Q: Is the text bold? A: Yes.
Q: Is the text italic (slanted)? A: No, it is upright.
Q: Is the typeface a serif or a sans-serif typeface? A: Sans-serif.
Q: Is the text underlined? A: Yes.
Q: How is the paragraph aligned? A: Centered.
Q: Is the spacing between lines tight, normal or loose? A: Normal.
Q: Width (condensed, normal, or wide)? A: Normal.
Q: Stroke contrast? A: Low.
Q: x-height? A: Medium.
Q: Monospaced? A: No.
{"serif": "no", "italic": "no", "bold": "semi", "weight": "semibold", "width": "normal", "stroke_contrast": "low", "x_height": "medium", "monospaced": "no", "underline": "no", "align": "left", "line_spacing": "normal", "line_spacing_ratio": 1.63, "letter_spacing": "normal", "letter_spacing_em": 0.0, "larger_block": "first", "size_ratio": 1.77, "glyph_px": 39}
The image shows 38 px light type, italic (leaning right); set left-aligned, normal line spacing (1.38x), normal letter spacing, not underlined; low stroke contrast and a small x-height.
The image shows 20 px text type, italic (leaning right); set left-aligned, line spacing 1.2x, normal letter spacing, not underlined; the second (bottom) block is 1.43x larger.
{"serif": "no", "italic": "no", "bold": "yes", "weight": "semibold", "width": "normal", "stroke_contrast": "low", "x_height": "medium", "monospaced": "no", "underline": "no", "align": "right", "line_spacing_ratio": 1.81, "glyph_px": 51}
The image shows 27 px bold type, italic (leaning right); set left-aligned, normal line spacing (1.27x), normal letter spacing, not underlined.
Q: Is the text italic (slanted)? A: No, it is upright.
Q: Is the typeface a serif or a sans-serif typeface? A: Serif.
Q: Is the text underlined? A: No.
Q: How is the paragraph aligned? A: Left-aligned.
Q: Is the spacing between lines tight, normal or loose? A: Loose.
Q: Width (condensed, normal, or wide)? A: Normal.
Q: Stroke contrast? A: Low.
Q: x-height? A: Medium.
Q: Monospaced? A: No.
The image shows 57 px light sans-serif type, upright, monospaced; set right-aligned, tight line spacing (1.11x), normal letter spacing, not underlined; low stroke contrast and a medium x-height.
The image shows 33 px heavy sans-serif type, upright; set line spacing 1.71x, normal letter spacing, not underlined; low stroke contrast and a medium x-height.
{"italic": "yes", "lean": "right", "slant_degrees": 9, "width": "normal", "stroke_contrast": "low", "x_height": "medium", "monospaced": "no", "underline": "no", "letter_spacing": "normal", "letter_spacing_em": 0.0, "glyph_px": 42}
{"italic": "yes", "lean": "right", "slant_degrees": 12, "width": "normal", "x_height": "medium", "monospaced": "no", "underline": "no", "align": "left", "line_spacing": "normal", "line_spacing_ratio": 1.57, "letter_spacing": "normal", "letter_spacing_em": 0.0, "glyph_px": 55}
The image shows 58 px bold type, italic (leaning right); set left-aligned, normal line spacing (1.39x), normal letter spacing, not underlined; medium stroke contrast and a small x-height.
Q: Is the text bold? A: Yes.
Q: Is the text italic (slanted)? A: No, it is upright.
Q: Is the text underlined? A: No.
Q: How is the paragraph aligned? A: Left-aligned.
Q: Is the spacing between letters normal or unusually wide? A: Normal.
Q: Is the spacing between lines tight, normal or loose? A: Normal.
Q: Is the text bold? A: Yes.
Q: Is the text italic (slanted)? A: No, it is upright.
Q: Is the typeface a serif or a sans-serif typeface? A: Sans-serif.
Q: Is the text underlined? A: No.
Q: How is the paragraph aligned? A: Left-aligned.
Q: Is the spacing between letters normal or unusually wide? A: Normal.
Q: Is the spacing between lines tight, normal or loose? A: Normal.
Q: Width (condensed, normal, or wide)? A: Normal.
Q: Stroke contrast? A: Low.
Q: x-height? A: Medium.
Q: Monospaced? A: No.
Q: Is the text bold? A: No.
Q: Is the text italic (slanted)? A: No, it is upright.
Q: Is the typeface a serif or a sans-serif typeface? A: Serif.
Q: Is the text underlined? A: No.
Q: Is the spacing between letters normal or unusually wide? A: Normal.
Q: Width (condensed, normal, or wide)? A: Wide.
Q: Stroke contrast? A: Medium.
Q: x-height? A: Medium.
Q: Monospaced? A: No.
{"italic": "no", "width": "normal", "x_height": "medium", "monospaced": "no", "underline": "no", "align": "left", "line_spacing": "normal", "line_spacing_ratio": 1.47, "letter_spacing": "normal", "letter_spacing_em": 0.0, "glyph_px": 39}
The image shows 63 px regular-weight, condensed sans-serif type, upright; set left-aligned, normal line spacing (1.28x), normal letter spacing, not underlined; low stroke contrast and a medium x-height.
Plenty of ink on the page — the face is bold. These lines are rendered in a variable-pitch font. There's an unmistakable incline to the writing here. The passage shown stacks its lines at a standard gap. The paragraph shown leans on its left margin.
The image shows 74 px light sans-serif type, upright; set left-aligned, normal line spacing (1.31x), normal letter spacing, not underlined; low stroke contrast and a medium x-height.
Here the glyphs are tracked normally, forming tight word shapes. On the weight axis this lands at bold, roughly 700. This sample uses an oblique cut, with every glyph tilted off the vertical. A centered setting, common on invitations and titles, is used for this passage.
────────────────────
[Assignment]: From the top of the material above, please transcribe each line exactly. Include the line with "The image shows 38" and end there.

[Answer]:
Q: Is the text bold? A: Yes.
Q: Is the text italic (slanted)? A: No, it is upright.
Q: Is the typeface a serif or a sans-serif typeface? A: Sans-serif.
Q: Is the text underlined? A: Yes.
Q: How is the paragraph aligned? A: Centered.
Q: Is the spacing between lines tight, normal or loose? A: Normal.
Q: Width (condensed, normal, or wide)? A: Normal.
Q: Stroke contrast? A: Low.
Q: x-height? A: Medium.
Q: Monospaced? A: No.
{"serif": "no", "italic": "no", "bold": "semi", "weight": "semibold", "width": "normal", "stroke_contrast": "low", "x_height": "medium", "monospaced": "no", "underline": "no", "align": "left", "line_spacing": "normal", "line_spacing_ratio": 1.63, "letter_spacing": "normal", "letter_spacing_em": 0.0, "larger_block": "first", "size_ratio": 1.77, "glyph_px": 39}
The image shows 38 px light type, italic (leaning right); set left-aligned, normal line spacing (1.38x), normal letter spacing, not underlined; low stroke contrast and a small x-height.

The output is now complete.